Gabriel L. Helman Gabriel L. Helman

Time Zones Are Hard

In honor of leap day, my favorite story about working with computerized dates and times.

A few lifetimes ago, I was working on a team that was developing a wearable. It tracked various telemetry about the wearer, including steps. As you might imagine, there was an option to set a Step Goal for the day, and there was a reward the user got for hitting the goal.

Skipping a lot of details, we put together a prototype to do a limited alpha test, a couple hundred folks out in the real world walking around. For reasons that aren’t worth going into, and are probably still under NDA, we had to do this very quickly; on the software side we basically had to start from scratch and have a fully working stack in 2 or 3 months, for a feature set that was probably at minimum 6-9 months worth of work.

There were a couple of ways to slice what we meant by “day”, but we went with the most obvious one, midnight to midnight. Meaning that the user had until midnight to hit your goal, and then at 12:00 your steps for the day resets to 0.

Dates and Times are notoriously difficult for computers. Partly, this is because Dates and Times are legitimately complex. Look at the a full date: “February 29th 2024, 11:00:00 am”. Every value there has a different base, a different set of legal values. Month lengths, 24 vs 12 hour times, leap years, leap seconds. It’s a big tangle of arbitrary rules. If you take a date and time, and want to add 1000 minutes to it, the value of the result is “it depends”. This gets even worse when you add time zones, and the time zone’s angry sibling, daylight saving time. Now, the result of adding two times together also depends on where you were when it happened. It’s gross!

But the other reason it’s hard to use dates and times in computers is that they look easy. Everyone does this every day! How hard can it be?? So developers, especially developers working on platforms or frameworks, tend to write new time handling systems from scratch. This is where I link to this internet classic: Falsehoods programmers believe about time.

The upshot of all that is that there’s no good standard way to represent or transmit time data between systems, the way there is with, say, floating point numbers, or even unicode multi-language strings. It’s a stubbornly unsolved problem. Java, for example, has three different separate systems for representing dates and times built in to the language, none of which solve the whole problem. They’re all terrible, but in different ways.
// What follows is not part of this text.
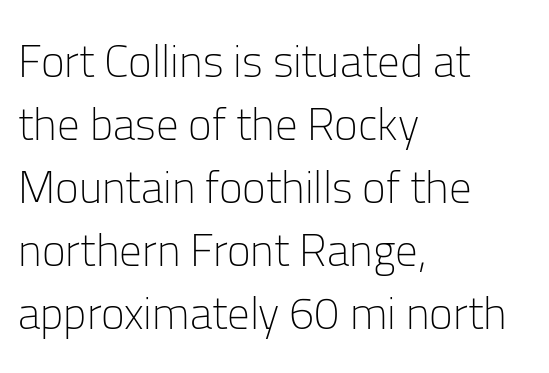
You could not count columns in this text — the font is proportionally spaced. What's the leading like? Ordinary, nothing unusual. Spacing between characters is what you'd get straight out of the box. Is the type heavy? It reads as light-to-regular instead. A student would call this left alignment; a typographer would say flush left, rag right. Designer's note — italics off, roman on.

Which brings me back to my story. This was a prototype, built fast. We aggressively cut features, anything that wasn’t absolutely critical went by the wayside. One of the things we cut out was Time Zone Support, and chose to run the whole thing in Pacific Time. We were talking about a test that was going to run about three months, which didn’t cross a DST boundary, and 95% of the testers were on the west coast. There were a handful of folks on the east cost, but, okay, they could handle their “day” starting and ending at 3am. Not perfect, but made things a whole lot simpler. They can handle a reset-to-zero at 3 am, sure.

We get ready to ship, to light to test run up.

“Great news!” someone says. “The CEO is really excited about this, he wants to be in the test cohort!”

Yeah, that’s great! There’s “executive sponsorship”, and then there’s “the CEO is wearing the device in meetings”. Have him come on down, we’ll get him set up with a unit.

“Just one thing,” gets causally mentioned days later, “this probably isn’t an issue, but he’s going to be taking them on his big publicized walking trip to Spain.”

Spain? Yeah, Spain. Turns out he’s doing this big charity walk thing with a whole bunch of other exec types across Spain, wants to use our gizmo, and at the end of the day show off that he’s hit his step count.

Midnight in California is 9am in Spain. This guy gets up early. Starts walking early. His steps are going to reset to zero every day somewhere around second breakfast.

Oh Shit.

I’m not sure we even said anything else in that meeting, we all just stood without a word, acquired a concerning amount of Mountain Dew, and proceeded to spend the next week and change hacking in time zone support to the whole stack: various servers, database, both iOS and Android mobile apps.

It was the worst code I have ever written, and of course it was so much harder to hack in after the fact in a sidecar instead of building it in from day one. But the big boss got hit step count reward at the end of the day every day, instead of just after breakfast.

From that point on, whenever something was described as hard, the immediate question was “well, is this just hard, or is it ’time zone’ hard?”